| Task details |
Write out all the data again, exactly as it stands.

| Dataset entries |

───

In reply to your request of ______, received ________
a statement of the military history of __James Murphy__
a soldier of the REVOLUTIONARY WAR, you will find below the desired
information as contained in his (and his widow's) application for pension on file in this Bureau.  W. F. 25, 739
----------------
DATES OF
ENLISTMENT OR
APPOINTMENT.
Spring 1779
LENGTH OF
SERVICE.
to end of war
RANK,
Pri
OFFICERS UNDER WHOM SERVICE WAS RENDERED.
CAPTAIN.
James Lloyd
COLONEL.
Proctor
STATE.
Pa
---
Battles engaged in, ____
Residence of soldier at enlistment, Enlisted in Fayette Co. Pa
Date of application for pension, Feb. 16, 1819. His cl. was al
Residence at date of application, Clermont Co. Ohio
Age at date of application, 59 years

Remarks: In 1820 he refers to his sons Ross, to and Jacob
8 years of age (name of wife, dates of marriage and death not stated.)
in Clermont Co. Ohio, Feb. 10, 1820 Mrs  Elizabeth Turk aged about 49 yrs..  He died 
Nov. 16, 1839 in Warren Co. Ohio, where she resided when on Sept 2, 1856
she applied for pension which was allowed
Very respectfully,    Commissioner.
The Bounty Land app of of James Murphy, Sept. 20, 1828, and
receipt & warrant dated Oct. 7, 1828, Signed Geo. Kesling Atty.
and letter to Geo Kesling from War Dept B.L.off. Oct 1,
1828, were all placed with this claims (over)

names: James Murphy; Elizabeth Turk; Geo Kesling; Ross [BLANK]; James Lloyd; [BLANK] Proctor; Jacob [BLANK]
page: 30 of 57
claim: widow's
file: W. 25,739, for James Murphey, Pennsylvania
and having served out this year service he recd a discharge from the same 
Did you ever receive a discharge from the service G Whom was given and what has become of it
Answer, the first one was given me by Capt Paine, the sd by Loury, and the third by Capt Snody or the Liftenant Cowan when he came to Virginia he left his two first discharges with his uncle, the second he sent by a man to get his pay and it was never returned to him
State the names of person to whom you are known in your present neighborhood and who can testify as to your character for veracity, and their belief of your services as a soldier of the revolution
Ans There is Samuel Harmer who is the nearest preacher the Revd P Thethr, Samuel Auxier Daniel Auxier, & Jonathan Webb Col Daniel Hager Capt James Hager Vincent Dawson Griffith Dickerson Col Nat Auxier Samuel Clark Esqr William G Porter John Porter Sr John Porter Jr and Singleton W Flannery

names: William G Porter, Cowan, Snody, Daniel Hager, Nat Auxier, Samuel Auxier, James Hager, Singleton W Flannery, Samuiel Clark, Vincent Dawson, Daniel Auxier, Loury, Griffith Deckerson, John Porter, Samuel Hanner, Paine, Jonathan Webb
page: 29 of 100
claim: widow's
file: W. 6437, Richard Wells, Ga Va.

───

| Task answer |
In reply to your request of ______, received ________
a statement of the military history of __James Murphy__
a soldier of the REVOLUTIONARY WAR, you will find below the desired
information as contained in his (and his widow's) application for pension on file in this Bureau.  W. F. 25, 739
----------------
DATES OF
ENLISTMENT OR
APPOINTMENT.
Spring 1779
LENGTH OF
SERVICE.
to end of war
RANK,
Pri
OFFICERS UNDER WHOM SERVICE WAS RENDERED.
CAPTAIN.
James Lloyd
COLONEL.
Proctor
STATE.
Pa
---
Battles engaged in, ____
Residence of soldier at enlistment, Enlisted in Fayette Co. Pa
Date of application for pension, Feb. 16, 1819. His cl. was al
Residence at date of application, Clermont Co. Ohio
Age at date of application, 59 years

Remarks: In 1820 he refers to his sons Ross, to and Jacob
8 years of age (name of wife, dates of marriage and death not stated.)
in Clermont Co. Ohio, Feb. 10, 1820 Mrs  Elizabeth Turk aged about 49 yrs..  He died 
Nov. 16, 1839 in Warren Co. Ohio, where she resided when on Sept 2, 1856
she applied for pension which was allowed
Very respectfully,    Commissioner.
The Bounty Land app of of James Murphy, Sept. 20, 1828, and
receipt & warrant dated Oct. 7, 1828, Signed Geo. Kesling Atty.
and letter to Geo Kesling from War Dept B.L.off. Oct 1,
1828, were all placed with this claims (over)

names: James Murphy; Elizabeth Turk; Geo Kesling; Ross [BLANK]; James Lloyd; [BLANK] Proctor; Jacob [BLANK]
page: 30 of 57
claim: widow's
file: W. 25,739, for James Murphey, Pennsylvania
and having served out this year service he recd a discharge from the same 
Did you ever receive a discharge from the service G Whom was given and what has become of it
Answer, the first one was given me by Capt Paine, the sd by Loury, and the third by Capt Snody or the Liftenant Cowan when he came to Virginia he left his two first discharges with his uncle, the second he sent by a man to get his pay and it was never returned to him
State the names of person to whom you are known in your present neighborhood and who can testify as to your character for veracity, and their belief of your services as a soldier of the revolution
Ans There is Samuel Harmer who is the nearest preacher the Revd P Thethr, Samuel Auxier Daniel Auxier, & Jonathan Webb Col Daniel Hager Capt James Hager Vincent Dawson Griffith Dickerson Col Nat Auxier Samuel Clark Esqr William G Porter John Porter Sr John Porter Jr and Singleton W Flannery

names: William G Porter, Cowan, Snody, Daniel Hager, Nat Auxier, Samuel Auxier, James Hager, Singleton W Flannery, Samuiel Clark, Vincent Dawson, Daniel Auxier, Loury, Griffith Deckerson, John Porter, Samuel Hanner, Paine, Jonathan Webb
page: 29 of 100
claim: widow's
file: W. 6437, Richard Wells, Ga Va.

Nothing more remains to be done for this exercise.